Segment Start: Records to use

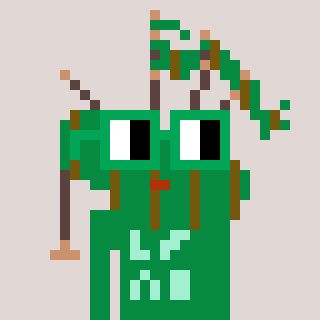
a pixel art character with square green glasses, a bagpipe-shaped head and a green-colored body on a warm background
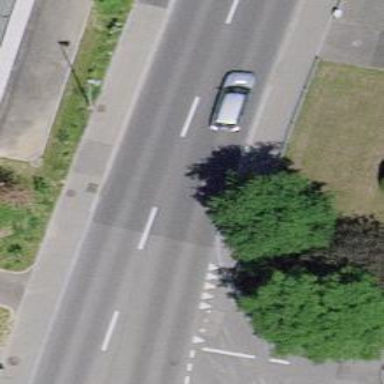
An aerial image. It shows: Uncontrolled zebra crossing on the road.
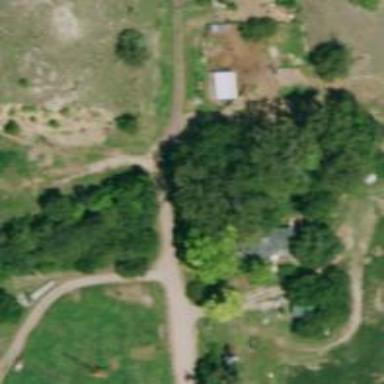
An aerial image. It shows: Driveway leading to service road.
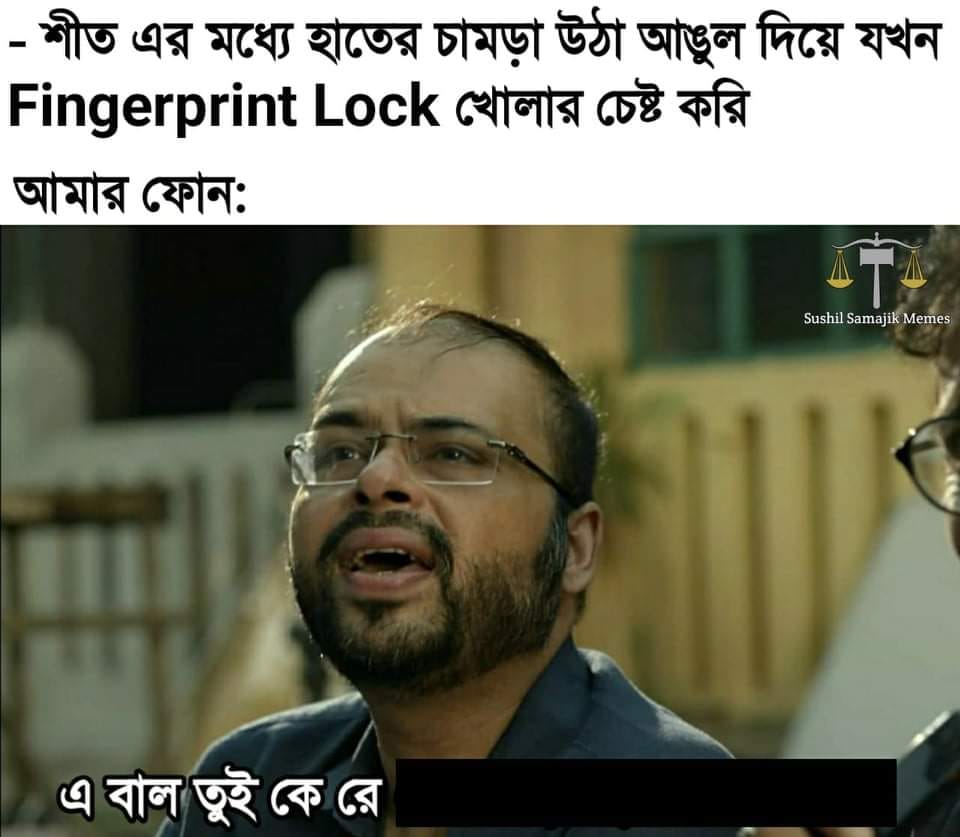
Caption: - শীত এর মধ্যে হাতের চামড়্রা উঠা আঙুল দিয়ে যখন  Fingerprint Lock খোলার চেষ্টা করি     এ বাল তুই কে রে
Label: non-hate
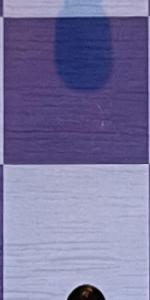
Label: Empty
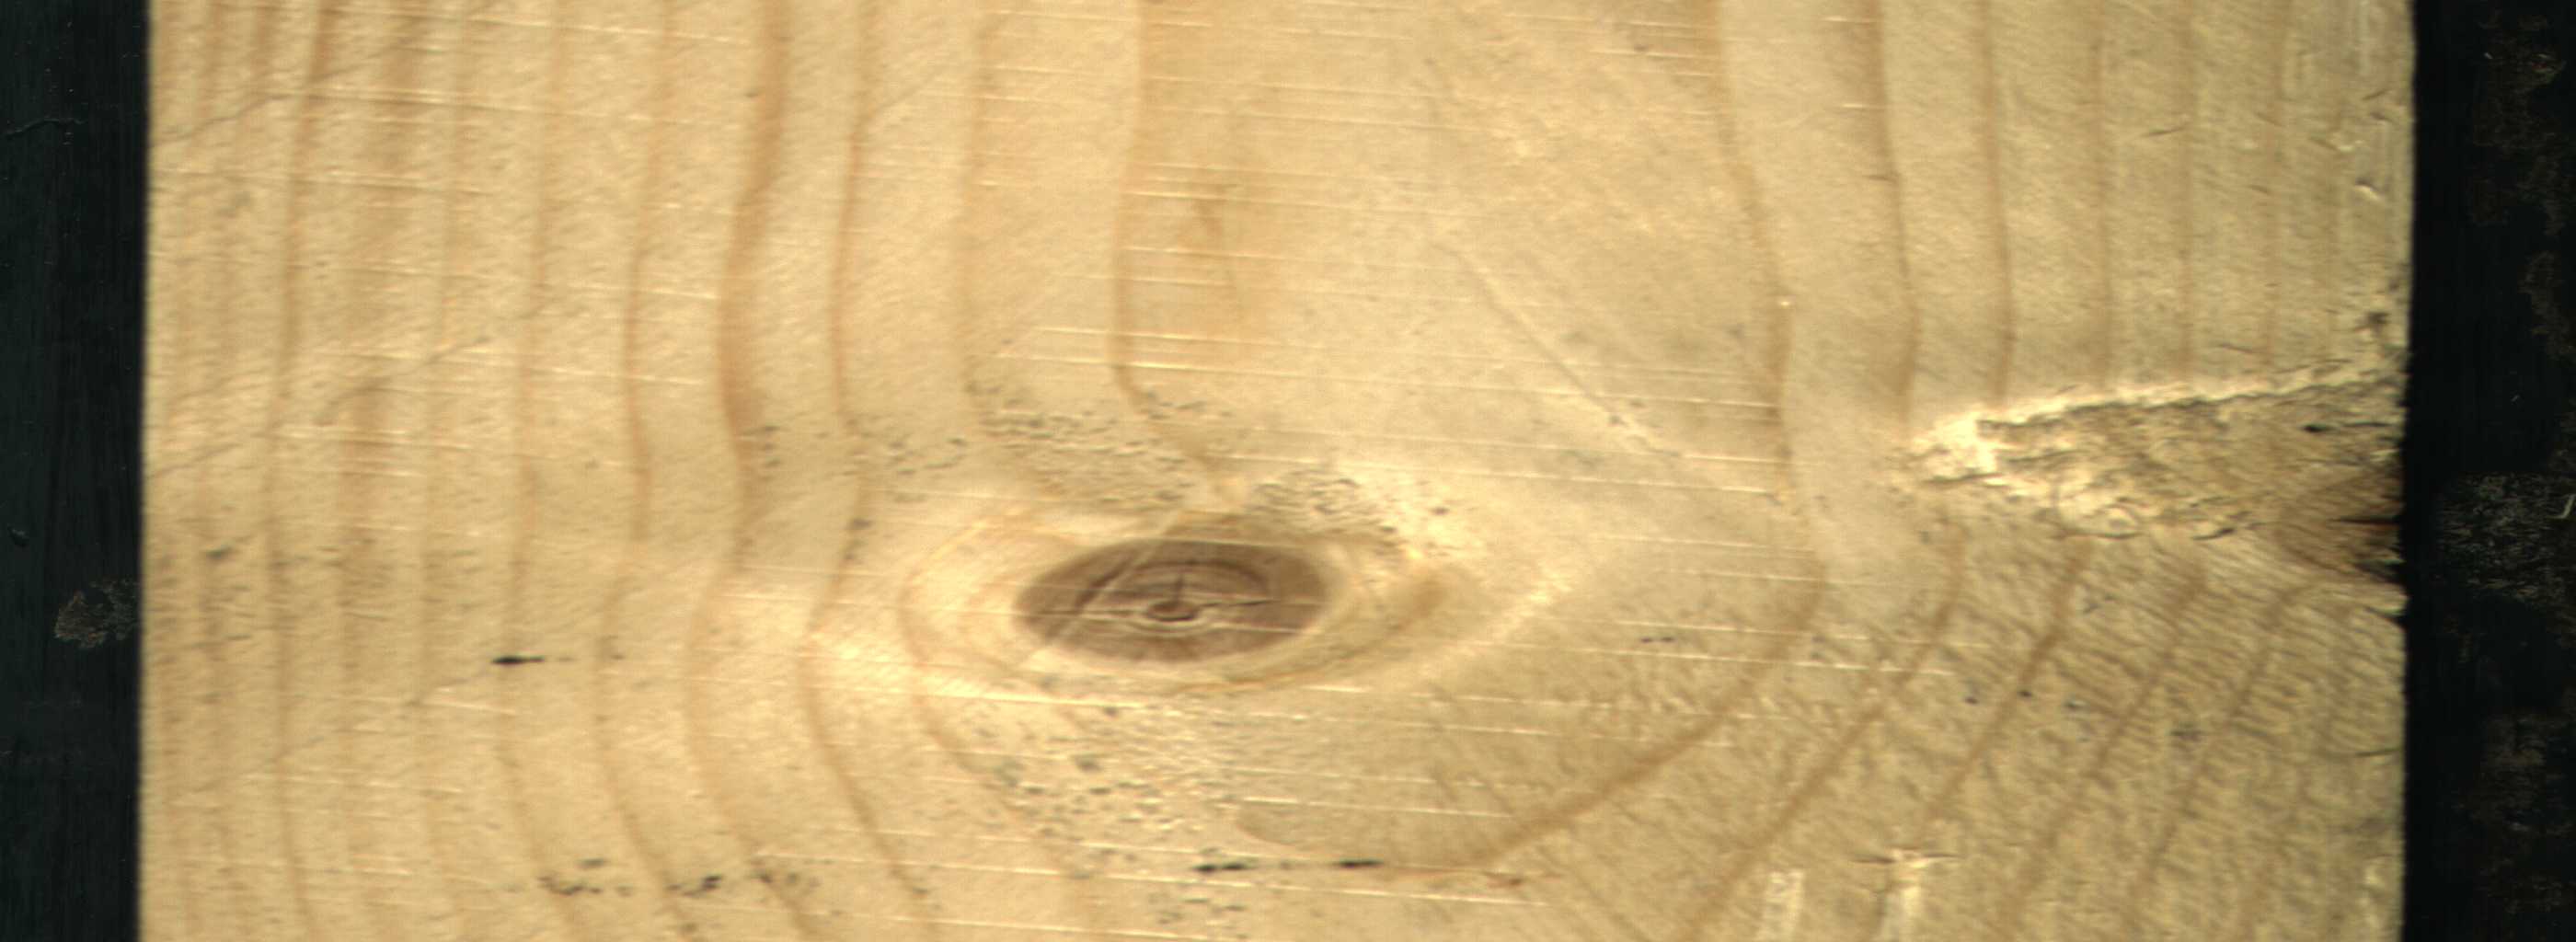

Segment End: Records to use

Assignment
Give back, word for word, the lines from the line that contains "An aerial image. It shows: Uncontrolled" through the last line of the records, with no pictures and nothing else.

Result below
An aerial image. It shows: Uncontrolled zebra crossing on the road.
An aerial image. It shows: Driveway leading to service road.
Caption: - শীত এর মধ্যে হাতের চামড়্রা উঠা আঙুল দিয়ে যখন  Fingerprint Lock খোলার চেষ্টা করি     এ বাল তুই কে রে
Label: non-hate
Label: Empty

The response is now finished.